Wednesday, 17 December 2014: 2:40 PM
Carlos Mauricio Carrillo, Christopher L Castro, Hsin-I Chang and Thang Manh Luong, University of Arizona, Tucson, AZ, United States
Abstract:
Our previous work considered North American monsoon climate variability with a monsoon-sensitive network of tree-ring chronologies in the Southwest. We were able to identify a very low-frequency centennial scale climate signal responsible for megadroughts of the past four centuries. Here we continue to investigate very low-frequency climate variability within the context of a twentieth-century atmospheric reanalysis that has been dynamically downscaled with the Weather Research and Forecasting (WRF) model. We apply several different matrix methods techniques to these data to identify dominant and statistical significant spatiotemporal cool and warm season precipitation patterns.
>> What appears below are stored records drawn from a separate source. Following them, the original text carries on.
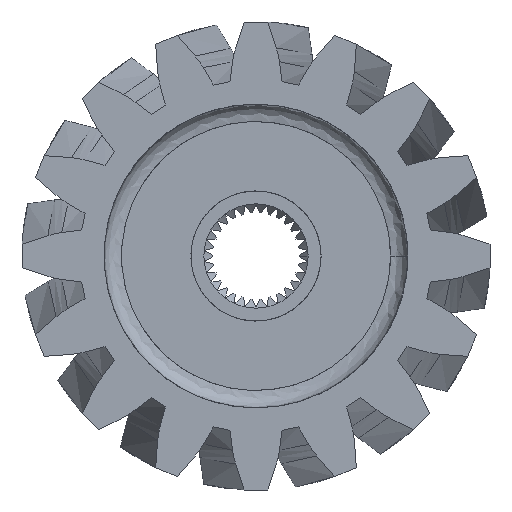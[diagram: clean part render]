
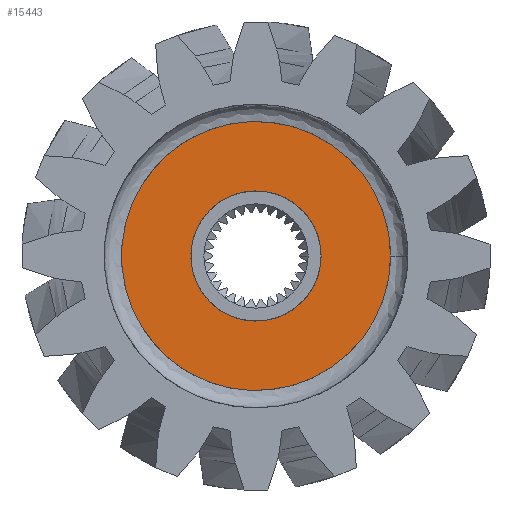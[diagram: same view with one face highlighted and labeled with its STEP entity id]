
A CAD part, front view. The second image highlights one B-rep face of the part: STEP entity #15443.
In plain terms, the highlighted free-form (B-spline) face has degree [1, 1] with [2, 2] control points.
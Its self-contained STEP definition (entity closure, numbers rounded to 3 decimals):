
#15443 = ADVANCED_FACE('',(#15444,#15458),#15472,.T.);
#15444 = FACE_BOUND('',#15445,.T.);
#15445 = EDGE_LOOP('',(#15446));
#15446 = ORIENTED_EDGE('',*,*,#15447,.T.);
#15447 = EDGE_CURVE('',#15448,#15448,#15450,.T.);
#15448 = VERTEX_POINT('',#15449);
#15449 = CARTESIAN_POINT('',(16.662,5.375,
    0.));
#15450 = ( BOUNDED_CURVE() B_SPLINE_CURVE(2,(#15451,#15452,#15453,#15454
    ,#15455,#15456,#15457),.UNSPECIFIED.,.T.,.F.) 
B_SPLINE_CURVE_WITH_KNOTS((1,2,2,2,2,1),(-2.094,0.,
    2.094,4.189,6.283,8.378),
.UNSPECIFIED.) CURVE() GEOMETRIC_REPRESENTATION_ITEM() 
RATIONAL_B_SPLINE_CURVE((1.,0.5,1.,0.5,1.,0.5,1.)) REPRESENTATION_ITEM(
  '') );
#15451 = CARTESIAN_POINT('',(16.662,5.375,
    0.));
#15452 = CARTESIAN_POINT('',(16.662,5.375,28.86
    ));
#15453 = CARTESIAN_POINT('',(-8.331,5.375,14.43
    ));
#15454 = CARTESIAN_POINT('',(-33.325,5.375,
    0.));
#15455 = CARTESIAN_POINT('',(-8.331,5.375,
    -14.43));
#15456 = CARTESIAN_POINT('',(16.662,5.375,
    -28.86));
#15457 = CARTESIAN_POINT('',(16.662,5.375,
    0.));
#15458 = FACE_BOUND('',#15459,.T.);
#15459 = EDGE_LOOP('',(#15460));
#15460 = ORIENTED_EDGE('',*,*,#15461,.T.);
#15461 = EDGE_CURVE('',#15462,#15462,#15464,.T.);
#15462 = VERTEX_POINT('',#15463);
#15463 = CARTESIAN_POINT('',(8.062,5.375,0.));
#15464 = ( BOUNDED_CURVE() B_SPLINE_CURVE(2,(#15465,#15466,#15467,#15468
    ,#15469,#15470,#15471),.UNSPECIFIED.,.T.,.F.) 
B_SPLINE_CURVE_WITH_KNOTS((1,2,2,2,2,1),(-2.094,0.,
    2.094,4.189,6.283,8.378),
.UNSPECIFIED.) CURVE() GEOMETRIC_REPRESENTATION_ITEM() 
RATIONAL_B_SPLINE_CURVE((1.,0.5,1.,0.5,1.,0.5,1.)) REPRESENTATION_ITEM(
  '') );
#15465 = CARTESIAN_POINT('',(8.062,5.375,0.));
#15466 = CARTESIAN_POINT('',(8.062,5.375,-13.964)
  );
#15467 = CARTESIAN_POINT('',(-4.031,5.375,
    -6.982));
#15468 = CARTESIAN_POINT('',(-16.125,5.375,
    0.));
#15469 = CARTESIAN_POINT('',(-4.031,5.375,
    6.982));
#15470 = CARTESIAN_POINT('',(8.062,5.375,
    13.964));
#15471 = CARTESIAN_POINT('',(8.062,5.375,0.));
#15472 = B_SPLINE_SURFACE_WITH_KNOTS('',1,1,(
    (#15473,#15474)
    ,(#15475,#15476
  )),.UNSPECIFIED.,.F.,.F.,.F.,(2,2),(2,2),(-15.5,15.5),(-15.5,15.5),
  .PIECEWISE_BEZIER_KNOTS.);
#15473 = CARTESIAN_POINT('',(-16.662,5.375,
    16.662));
#15474 = CARTESIAN_POINT('',(16.662,5.375,16.662
    ));
#15475 = CARTESIAN_POINT('',(-16.662,5.375,
    -16.662));
#15476 = CARTESIAN_POINT('',(16.662,5.375,
    -16.662));

Our main question of interest is to ascertain whether the major western U.S. droughts in the last 140 years are driven by very low-frequency climate variability on the decadal to centennial time scale. We present evidence that the answer to this question is affirmative and that major droughts are tied to coherent changes in atmospheric circulation at a planetary scale in this very-low frequency regime. Use of a regional atmospheric model is necessary to resolve the spatial variability in precipitation patterns that are associated with the droughts. The downscaled 20th century reanalysis product is thus suitable to be applied to a hydrologic model to estimate impacts of historical dry and wet periods in the 20th century on water resources.